Experts believe exchanging ideas with people from diverse backgrounds and skills can fill gaps in information and competencies and support the development of a richer knowledge base as well as boost the ability to find new solutions to problems and improve current processes and ways of doing things.

“Collaboration technologies are numerous,” said Mmakgosi Mosupi, Chief Information Officer at Dark Fibre Africa.

“At the most basic level, they include online chat and meeting platforms as well as document and file sharing. But technology is also enhancing work life by enabling richer ways of sharing skills and ideas and by assigning mundane tasks to intelligent systems such as virtual assistants (VAs).”

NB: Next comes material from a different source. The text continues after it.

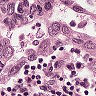
Metastatic tissue present: yes
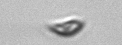
Label: Cryptophyta
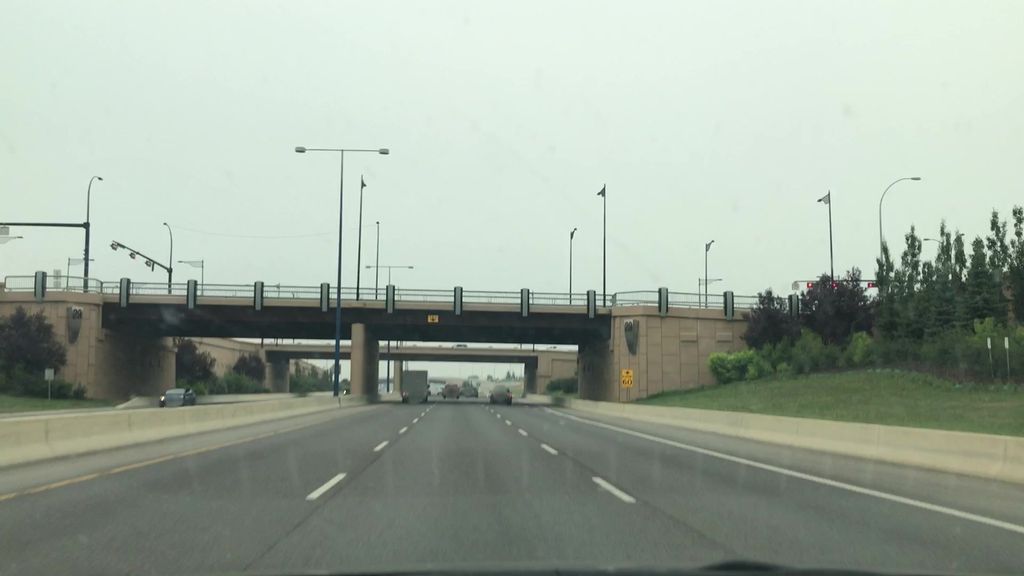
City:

According to a Dimension Data’s South Africa Digital Workplace 2017 report, increased productivity and competitiveness, along with growing revenues and accelerated decision-making, are some of the main goals that businesses hope to achieve through their digital workplace strategies.

The 2017 Accenture report: “Artificial Intelligence: Is South Africa ready?” found that close to 80 percent of South African executives acknowledge the benefits of AI to their business.

This growing demand is evidenced by a growing number of AI solutions providers with an ever-increasing South African customer base.

CLEVVA, a leading AI technology provider, says although South African businesses are catching up quickly, there are very limited applications in full production.

This is largely due to the state of organisational data and the limited integration across legacy systems, and impacts the accuracy of logic prediction, said CLEVVA co-Chief Executive Officer and co-founder, Ryan Falkenberg.

“However, this is steadily being resolved, so we should see a significant increase in adoption over the next five to ten years,” Falkenberg said.

Mmakgosi stresses that one of the main areas that IT departments should be looking to bolster is connectivity.

“Future adoption of these technologies will not be possible without the necessary backbone infrastructure that will support low-latency, high-speed connectivity,” Mmakgosi said.